A plausible implication is that depth-recurrent models, equipped with diffusion-inspired parallel samplers, combine the parallel decoding strength of diffusion models with the causal structure of autoregressive approaches.

6. Theoretical and Empirical Limits

Despite their potential, depth-recurrent LLMs face substantial interpretability and reasoning limitations:

  • Latent Reasoning Structure: No compelling evidence of discrete, structured, phase-separated latent CoT trajectories was found in direct probes (Lu et al., 2 Jul 2025).
  • Oscillatory Hidden Dynamics: Representation trajectories exhibit periodic discontinuities determined by block position, and lens-dependent interpretability complicates mechanistic understanding.
  • Marginal Reasoning Gains (Unstructured Recurrence): On multi-step reasoning (GSM8K), additional recurrences beyond a moderate threshold yield plateauing gains (<2 percentage points), well below CoT-prompting baselines.

Reported strengths include remarkable parameter efficiency and minor iterative refinement on simple tasks; shortcomings center on the lack of emergent interpretable intermediates and phase separation in latent space, even with large increases in effective depth.

Potential remedies discussed in recent literature include:

  • Incorporating learned gating or recurrence-aware positional encodings to break symmetry and mark progression through recurrences.
  • Hybridizing with explicit chain-of-thought prompting or post-hoc integration of external reasoning steps.
  • Advanced mechanistic probing (e.g., activation patching, mediation analysis) to clarify internal transition dynamics across depth (Lu et al., 2 Jul 2025).

7. Extensions, Relations, and Outlook

Depth-recurrent models are situated at the intersection of universal transformers, recurrent neural architectures (including LSTMs and RNNs), and future scaling approaches:

  • Universal Transformers: Early universal transformer works looped all transformer blocks with parameter sharing, motivated by Turing completeness and algorithmic capacity (Geiping et al., 16 Oct 2025).
  • Relation to RNNs: RNNs/LSTMs encode hierarchical languages with bounded stack depth and generalize well on long strings if nesting is shallow, providing theoretical underpinnings for recurrent computation in language (Bhattamishra et al., 2020).
  • Diffusion LLMs: The parallel between recurrent “denoising” in depth and diffusion processes opens new algorithmic and efficiency frontiers for both sampling and interpretation (Geiping et al., 16 Oct 2025).
  • Model Surgery and Retrofitting: Techniques for converting pretrained stack-based transformers to depth-recurrent form enable flexible deployment and parameter reuse (McLeish et al., 10 Nov 2025).
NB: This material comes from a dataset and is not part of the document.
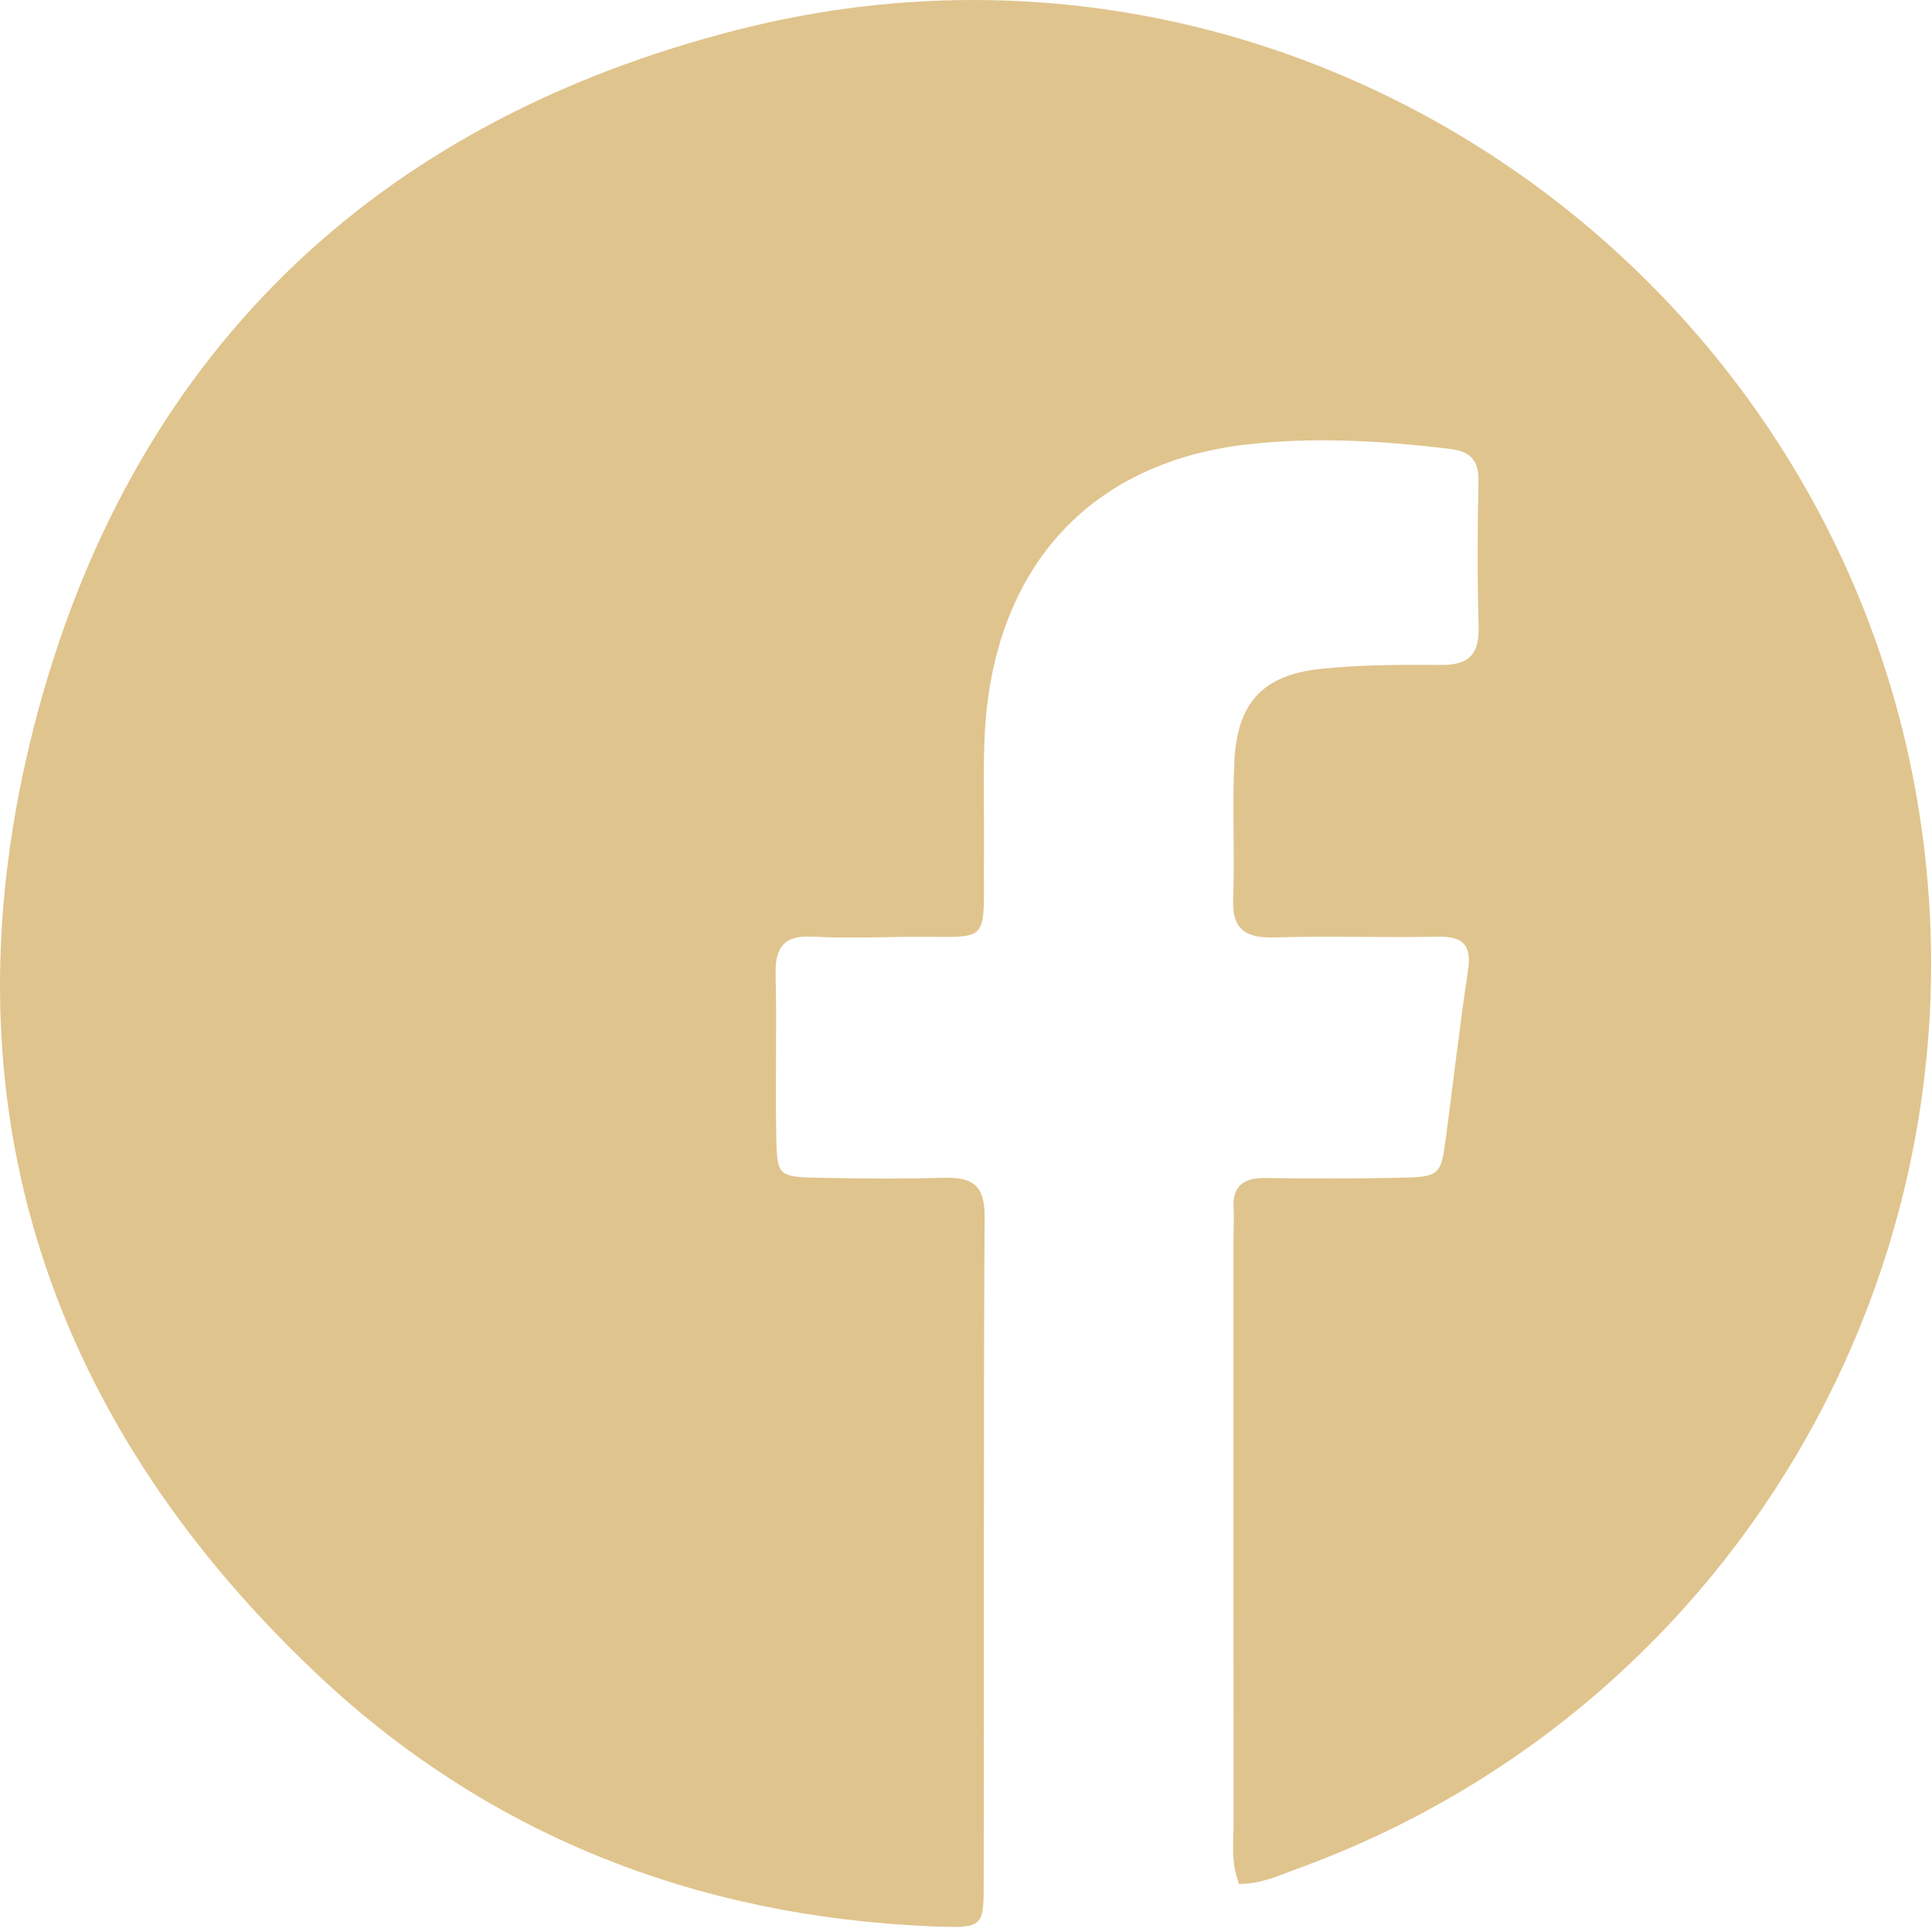<svg width="24" height="24" viewBox="0 0 24 24" fill="none" xmlns="http://www.w3.org/2000/svg">
<path d="M15.392 23.405C15.286 23.121 15.325 22.879 15.324 22.642C15.321 20.241 15.322 17.841 15.322 15.442C15.322 15.298 15.332 15.154 15.324 15.009C15.309 14.729 15.45 14.631 15.716 14.634C16.268 14.641 16.822 14.642 17.374 14.631C17.888 14.621 17.899 14.604 17.963 14.123C18.054 13.434 18.133 12.743 18.236 12.056C18.285 11.734 18.171 11.63 17.857 11.636C17.184 11.65 16.511 11.625 15.838 11.645C15.482 11.655 15.303 11.557 15.319 11.166C15.34 10.591 15.305 10.013 15.335 9.439C15.373 8.729 15.69 8.387 16.397 8.31C16.897 8.256 17.404 8.257 17.909 8.26C18.252 8.262 18.377 8.123 18.368 7.786C18.351 7.187 18.354 6.586 18.366 5.986C18.371 5.717 18.273 5.608 18 5.575C17.161 5.475 16.317 5.425 15.482 5.522C13.493 5.753 12.312 7.105 12.23 9.185C12.211 9.665 12.228 10.146 12.223 10.626C12.213 11.789 12.34 11.624 11.243 11.638C10.858 11.643 10.473 11.656 10.089 11.635C9.736 11.617 9.627 11.771 9.635 12.104C9.651 12.776 9.63 13.448 9.643 14.12C9.652 14.613 9.666 14.621 10.198 14.631C10.703 14.641 11.208 14.646 11.713 14.631C12.057 14.621 12.233 14.703 12.231 15.105C12.216 17.889 12.226 20.674 12.22 23.457C12.218 23.939 12.193 23.956 11.578 23.93C8.63 23.807 6.027 22.786 3.893 20.754C0.496 17.52 -0.735 13.532 0.426 9.01C1.596 4.457 4.621 1.515 9.195 0.362C15.946 -1.339 22.521 3.155 23.773 9.702C24.879 15.48 21.646 21.209 16.111 23.216C15.887 23.297 15.671 23.404 15.392 23.403V23.405Z" fill="#E0C48D"/>
</svg>

Future directions include the exploration of adaptive compute depth per token, the inclusion of heterogeneous or expert layers in the recurrence loop, and systematic mechanistic analysis of latent depth trajectories. Robust internalization of multi-step reasoning, or emergence of interpretable latent chains-of-thought, remains an open challenge.


In sum, depth-recurrent LLMs offer novel and practical mechanisms for compute scaling, memory efficiency, and adaptation to resource budgets. Empirically, they can deliver substantial improvements over static-depth baselines in mathematical reasoning, but fundamental questions about their ability to internalize and structure complex reasoning steps within latent space are not yet resolved. Continued methodological innovation—in training regimens, architectural asymmetries, probing technologies, and hybrid reasoning strategies—will be central to fully realizing their theoretical promise.